Freaks Out - La Recensione

Freaks Out Poster

Da un certo punto di vista, “Freaks Out” rappresenta il riscatto di Gabriele Mainetti: che dopo essere stato preso per pazzo, quando andava in giro cercando di realizzare “Lo Chiamavano Jeeg Robot”, rilancia la sua follia con un progetto che, nel nostro cinema, in parecchi avrebbero giudicato irrealizzabile.
Che pazzi.

Loro, ovviamente.
Perché a vedere “Freaks Out” viene da chiedersi come mai si sia aspettato tutto questo tempo per mettersi al passo, per tirare fuori le unghie, e non tanto per quel riguarda la fondazione del cinecomic all’italiana (o all’amatriciana) – del quale potremmo pure fare a meno, volendo – quanto per anticipare quell’evoluzione di potenzialità e di immaginazione che ora, grazie alla lungimiranza e alla sperimentazione di Mainetti, è definitivamente scoperchiata. L’idea di base è quella di mescolare “Bastardi Senza Gloria” e “X-Men” per continuare a parlare degli emarginati, dei diversi, nel caso specifico, dei mostri. Quattro mostri dai poteri magici più disparati, prestati a un circo spazzato via dall’invasione dei nazisti in Italia e spaventati, dunque, da un posto nel mondo che improvvisamente faticano a individuare.

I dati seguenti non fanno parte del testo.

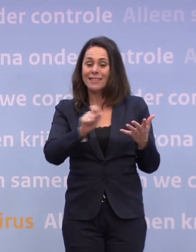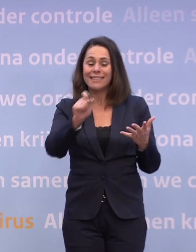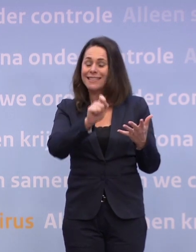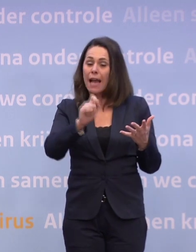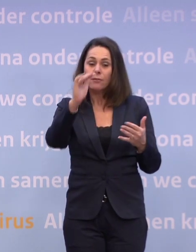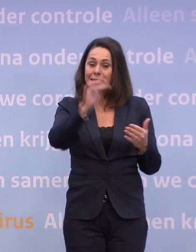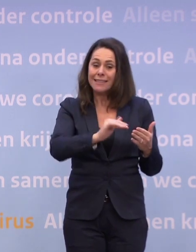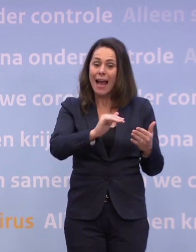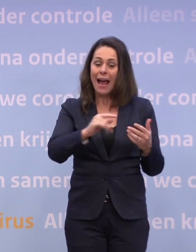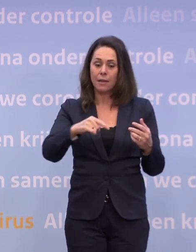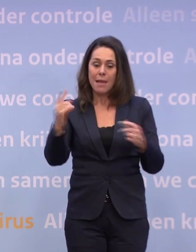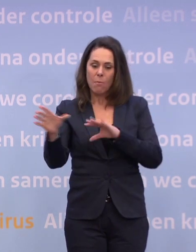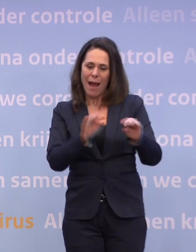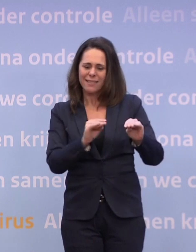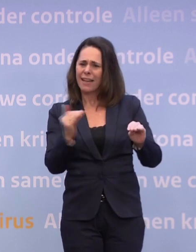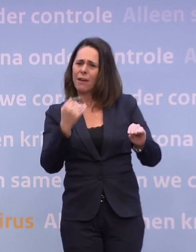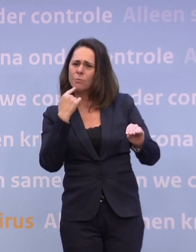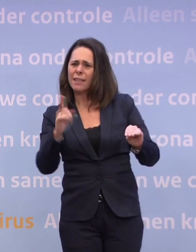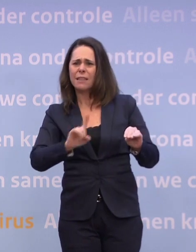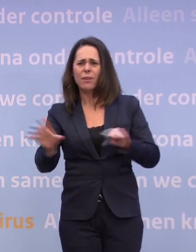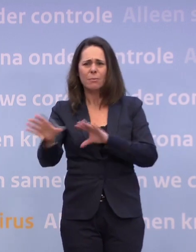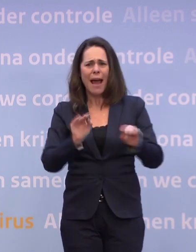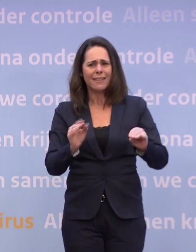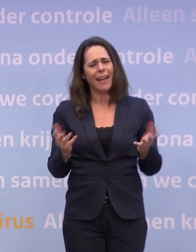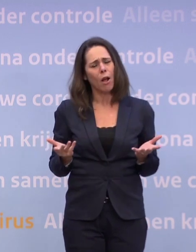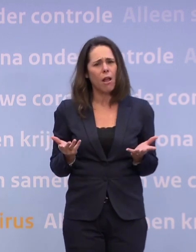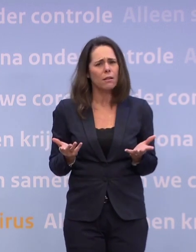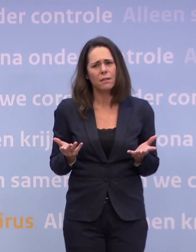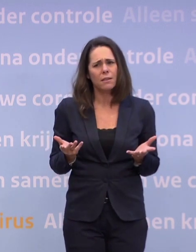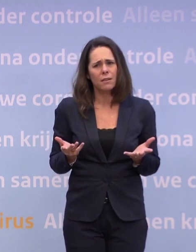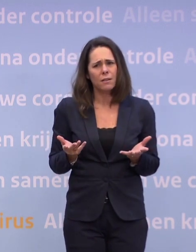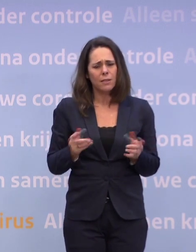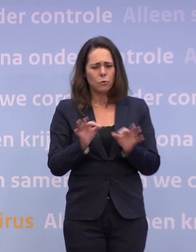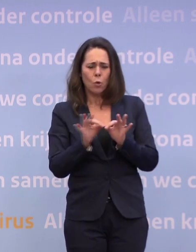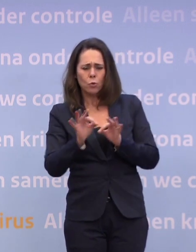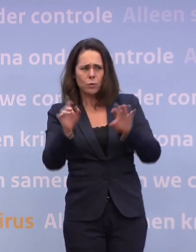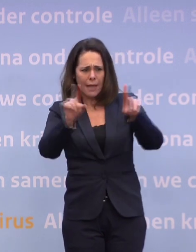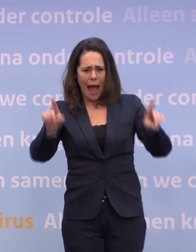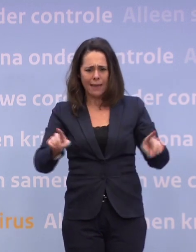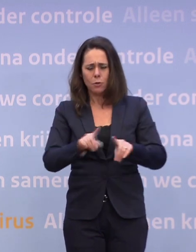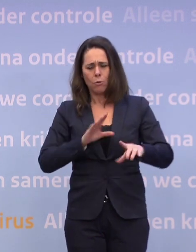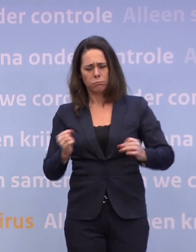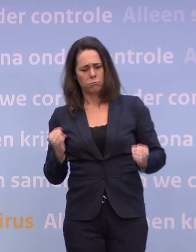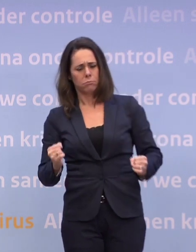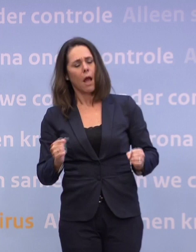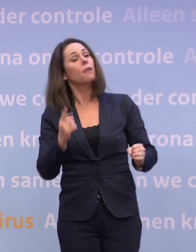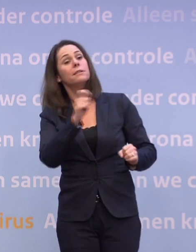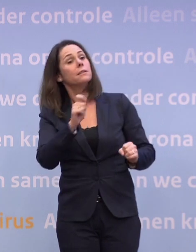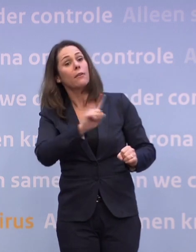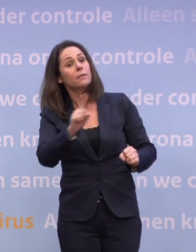Want de routekaart, u heeft ooit een routekaart gepresenteerd... ...en die functioneert als een soort stok achter de deur. Als de cijfers die kant opgaan, dan gaat er dat en dat gebeuren.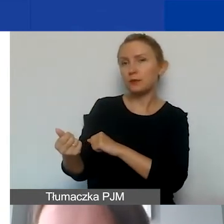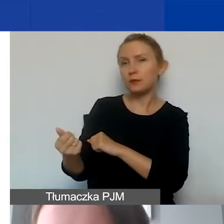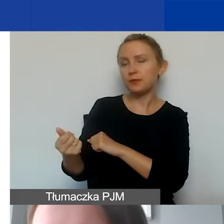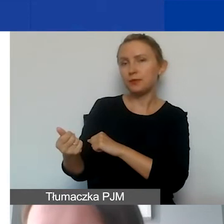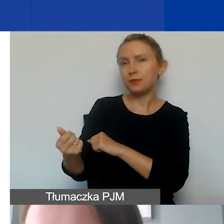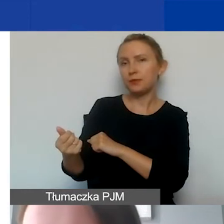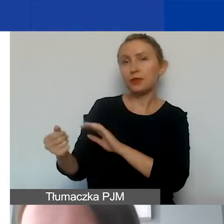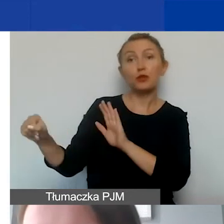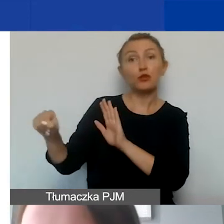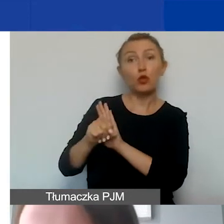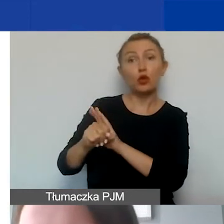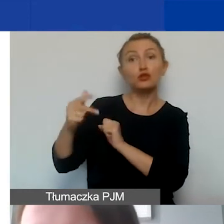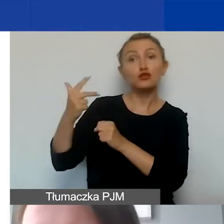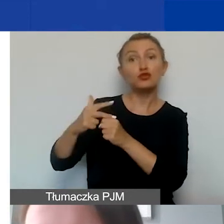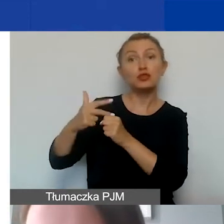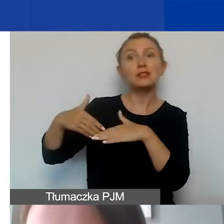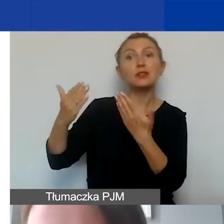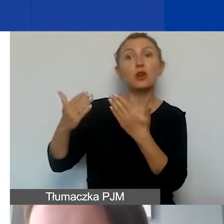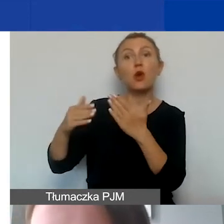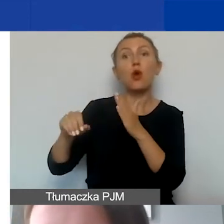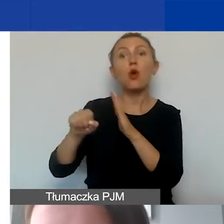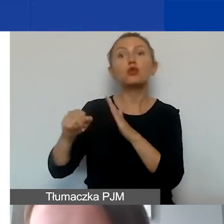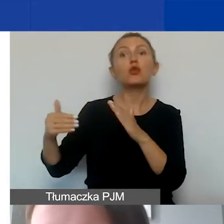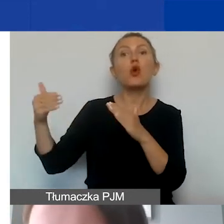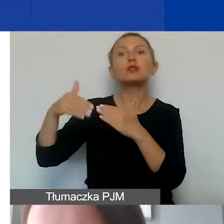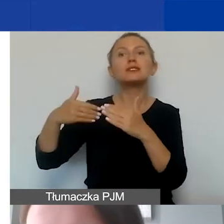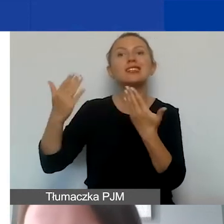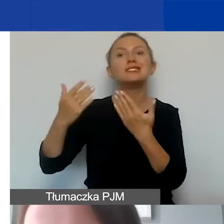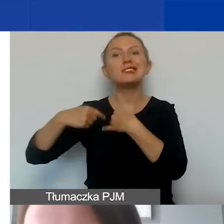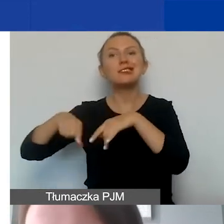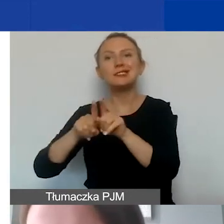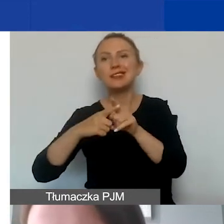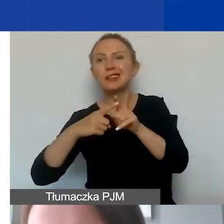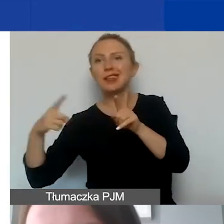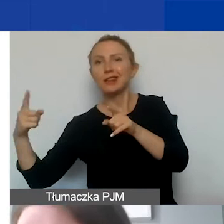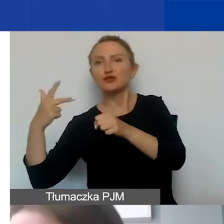do 30 dni od ostatniego dnia realizacji projektu określonego w umowie.

Una componente fantasy bilanciata simmetricamente dall’entrata in scena dello spietatissimo pianista Franz: stella del circo tedesco, con la capacità nascosta di proiettarsi avanti nel futuro – quello che vedrà e che tenterà di evitare, non c’è nemmeno bisogno di scriverlo – e vagamente ispirato all’esuberante Colonnello Landa di Christoph Waltz. Tant’è che la sua ossessione è quella di catturare la Shosanna della storia, ovvero la Matilde di Aurora Giovinazzo che è un po’ Mélanie Laurent e un po’ la mutante Rogue: se non altro per il suo dono che le impedisce di avere contatti umani diretti.

Freaks Out Mainetti

Il successo raccolto in precedenza permette a Mainetti, allora, di avere a disposizione il budget giusto per realizzare il film che ha in testa: e in questo senso “Freaks Out” non da mai la sensazione di “aver dovuto risparmiare su quella scena, piuttosto che su quell’effetto speciale”. Con le dovute proporzioni, il suo lavoro non ha nulla da invidiare alle grandi industrie concorrenti, e compensa la mancanza di una spettacolarità strabordante con una sceneggiatura (scritta insieme al fido Nicola Guaglianone) che – e meno male – cerca di approfondire il più possibile il background di ogni personaggio (importante). Inoltre, ha il vantaggio di non farsi prendere da “manie di grandezza”; di non peccare di presunzione e mantenere quella preziosa cifra – presente anche in “Lo Chiamavano Jeeg Robot” – capace di barcamenarsi tra dramma e serietà quando è il momento, per poi stemperare con il profondamente leggero, attraverso l’utilizzo di battute in dialetto romano, utilissime a creare immediatamente l’effetto risata.

E pure se nel finale qualcosina scricchiola e, magari, si propende troppo verso il modello caos-alla-Marvel come prerogativa imprescindibile ed efficace, resta la bellezza e la solidità di un’operazione impossibile, portata a termine egregiamente. Di uno sforzo, sicuramente ragguardevole, dove il cuore, l’amore e la cultura cinematografica di Mainetti – unita a quella dei fumetti – fa la differenza. 
E a confermarcelo c’è una tempesta di citazioni e riferimenti sparsi, che sarà simpaticissimo mettersi lì a intercettare.